This trip has been an endless parade of learning experiences and adventures. And my last couple of days at TMC, Wednesday and Thursday this week, have just kept on delivering.
On Wednesday we travelled over an hour south of Chiang Mai to a temple in Lampoon Province. There we learned Tok Sen and experienced a Yam Khan treatment from Phor Mor Tananan Fainanta. Tok Sen is “Hammer Massage” and Yam Khan is “Foot-on-Fire, Step On Massage.”
Phor Mor Tananan learned Thai Traditional Medicine from his grandfather and is one of the last remaining Thai Medicine Doctors “Phor Mor” in the province who still practices this art. He is also an instructor for the Thai Traditional Medicine departments at the Universities of Lampoon and Chiang Rai.
Before the teaching began, our group made an offering to Phor Mor Tananan in front of the Buddha Statue in an open air, covered structure atop a hill, overlooking the countryside and the mountains to the west.
The morning teaching began with Tok Sen. In Tok Sen, a wooden peg is placed on the body atop a sen line, and pressure points along these lines (energy lines), and tapped repeatedly with a wooden mallet “musically” as it is moved over the body. The vibration from the hammering moves through your body creating a most wonderful, relaxation response. Each of the wooden pieces is inscribed with a healing mantra which the practitioner is to recite silently as they hammer the sen lines over the head, neck, shoulders, back, legs, and feet. Phor Mor Tananan demonstrated and we spent the morning practicing our Tok Sen on each other while he came around to correct and refine our technique. His young grand-daughter has also been trained in this technique and assisted with the demonstrations, corrections, and treatments.
In the afternoon we experienced Yam Khan, a “Foot-on-Fire, Step On Massage” treatment. Phor Mor Tananan lit charcoal in a pot and partially covered it with an old metal plow blade. The pot rested next to the treatment mat, along with two containers. One container held a mixture of water, herbs, and oil and the other held a mixture of oils only. He would dip his foot into the water and touch the flat of the hot plow blade, then lean on his crooked staff as he rubbed his hot foot over our back, legs, or arms. Then he would dip his foot into the oil and when he touched his foot to the plow blade a great burst of fire shot up from the blade. He then used his toes, the ball of his foot and his heel to dig into tight, resistant muscles and blockages. At the beginning of my treatment his foot felt very hot but as the massage continued it just felt pleasantly warm with the soothing oil, and pressure from his foot, melting away the tension. He used his wonderfully crooked cane as a support, using his body weight to lean into me with his foot. Earlier in our TMC course we had learned how to do the Step On Massage, but without the “Foot-on-Fire.”

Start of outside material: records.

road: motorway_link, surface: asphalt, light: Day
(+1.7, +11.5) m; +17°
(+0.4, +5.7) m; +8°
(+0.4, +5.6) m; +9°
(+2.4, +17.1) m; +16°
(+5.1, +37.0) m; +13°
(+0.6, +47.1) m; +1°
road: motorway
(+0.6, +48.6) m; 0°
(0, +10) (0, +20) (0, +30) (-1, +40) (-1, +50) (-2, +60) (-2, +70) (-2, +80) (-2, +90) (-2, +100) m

Whether it is lighting a staff and poi balls on fire at Circus School, experiencing a “foot on fire” massage from Phor Mor Tananan, or simply living in the heat that is Chiang Mai in March and April, I feel like I have definitely been travelling on a fire-themed journey.

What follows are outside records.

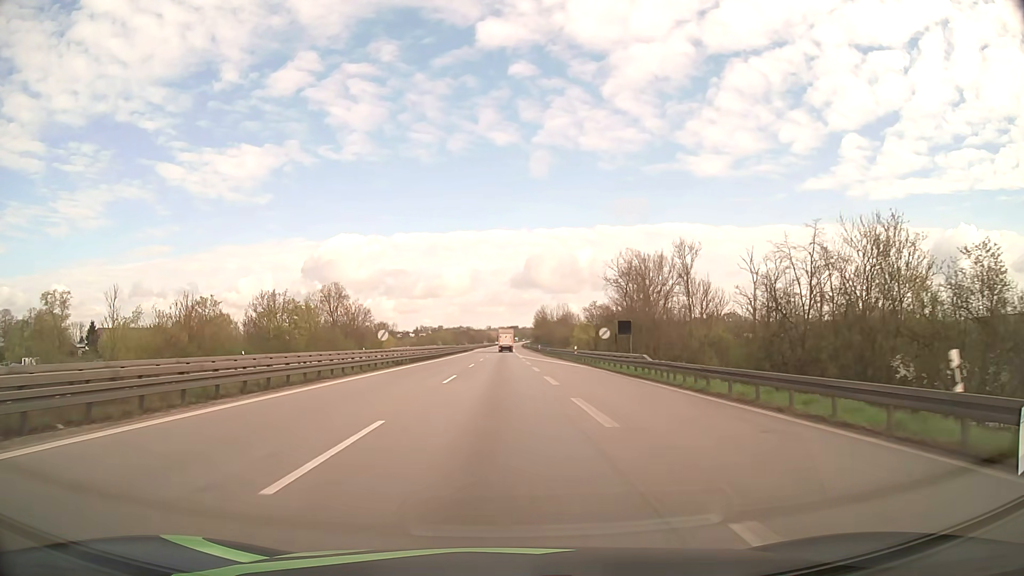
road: motorway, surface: asphalt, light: Day
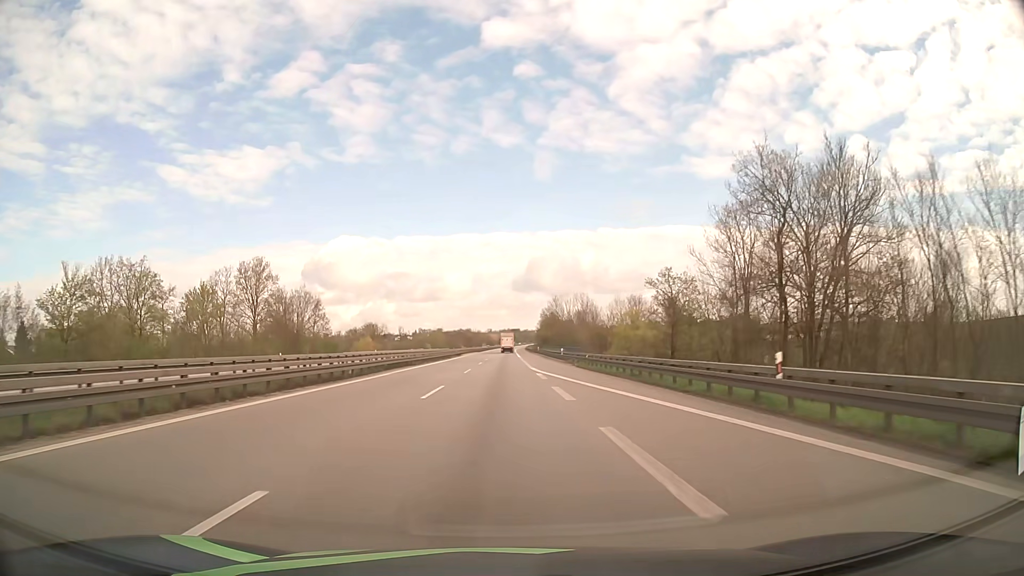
(0.0, +42.4) m; 0°
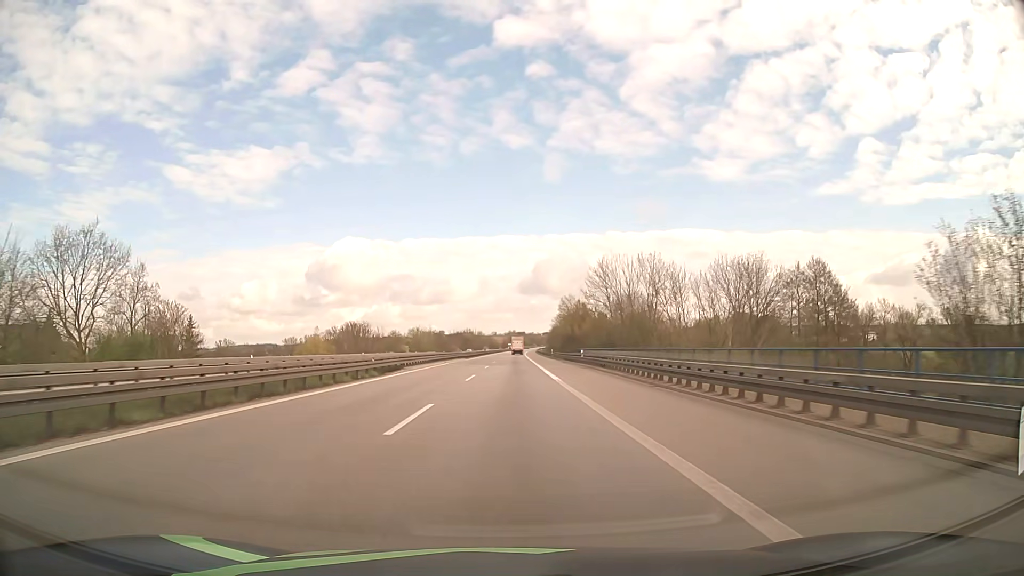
(-0.3, +62.9) m; 0°
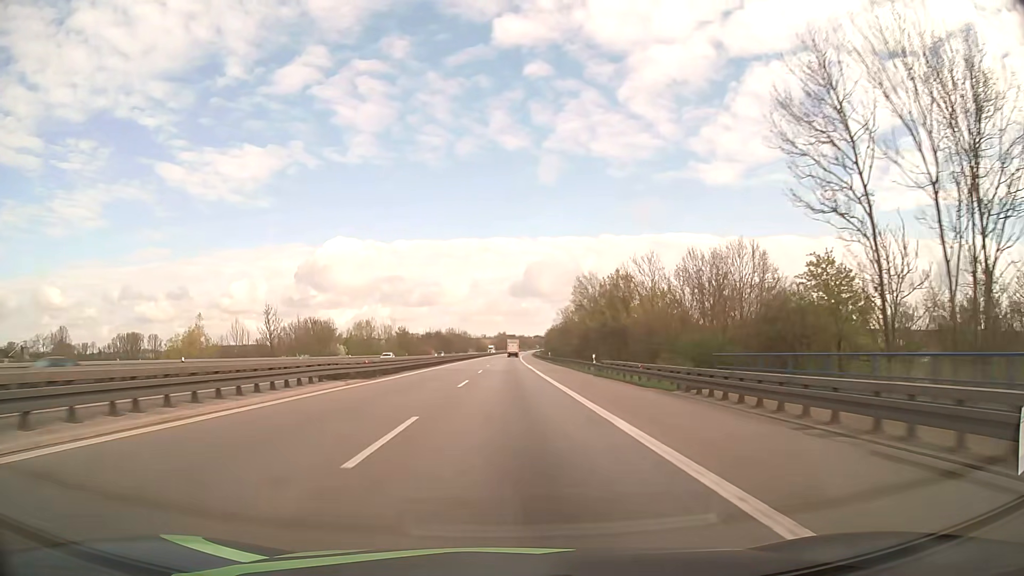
(+0.3, +58.0) m; +1°
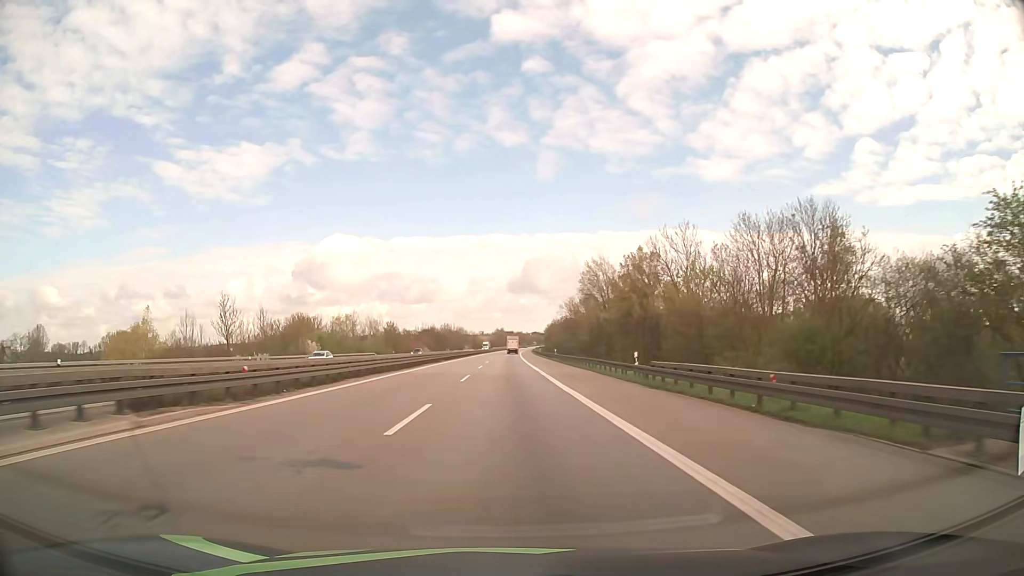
(+0.1, +15.3) m; 0°
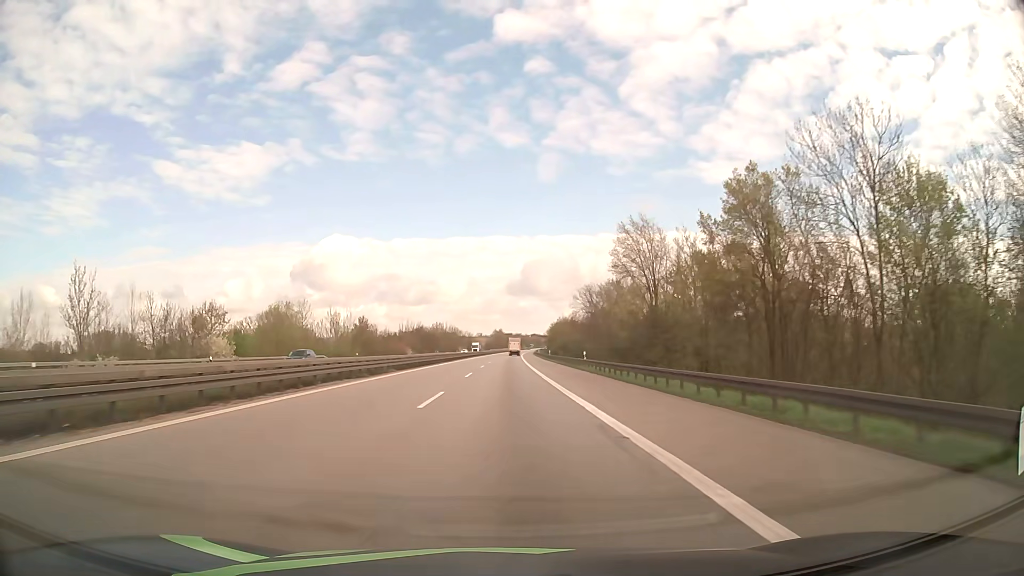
(0.0, +31.6) m; 0°
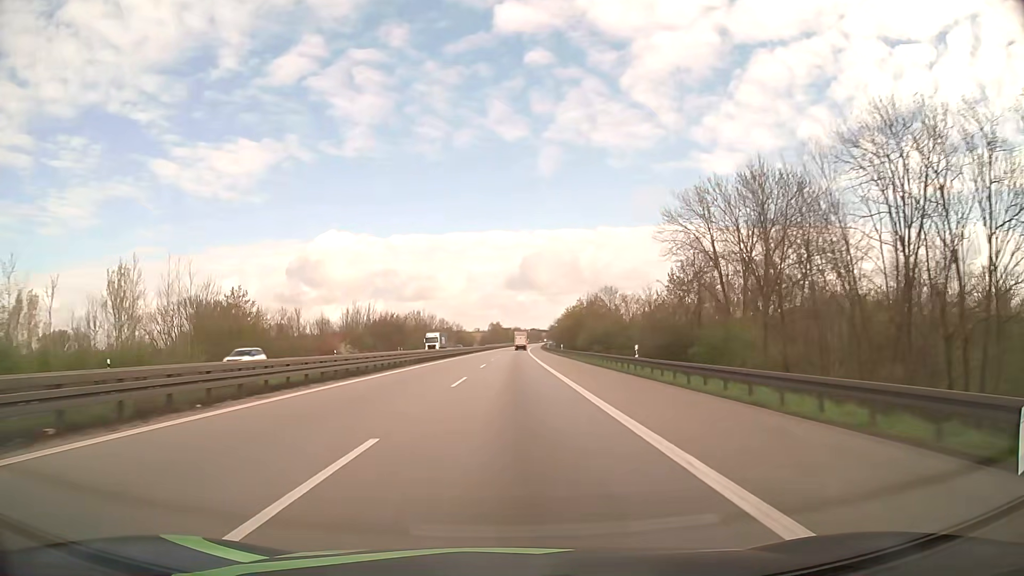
(0.0, +66.5) m; 0°
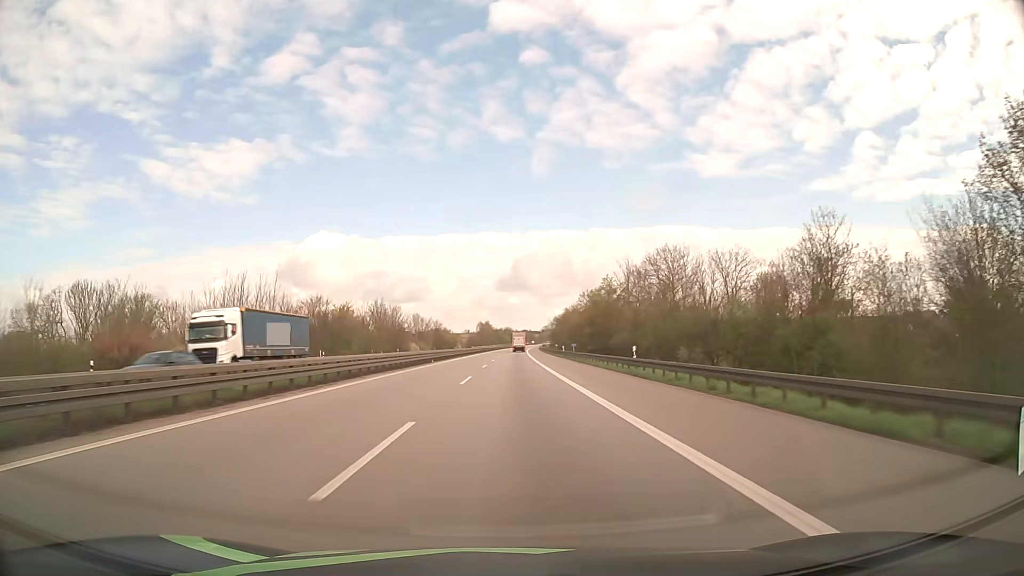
(+0.2, +52.4) m; +1°
(0, +10) (0, +20) (0, +30) (0, +40) (0, +50) (+1, +60) (+1, +70) (+1, +80) (+1, +90) (+1, +100) m

At the end of the day before heading back to Chiang Mai, Phor Mor Tananan chose a peg and hammer for me that will be my healing tools for Tok Sen when I return home. Now, I know that not all of my clients may want to try the hammer treatment, but I do know many will be curious to try it at least once. And there are a few clients (and you know who you are) that I know will be smiling from ear to ear right now, and will be “pounding” down my door to be hammered. And I will be happy to oblige!
I also plan on doing Step On Massage (without my feet on fire by the way) once I have had a staff made that I will use as my support.
Today, Thursday, we journeyed an hour north of the city to a facility that trains mentally and physically challenged youth and young adults in vocational work. Our class had the opportunity to provide massage to some of the residents and staff at the facility. It was a wonderful experience for us all, with many smiles and thanks exchanged. These field trips have been an invaluable professional and cultural experience for us all.
It is hard to believe but there is only one more day left and my five week training comes to an end.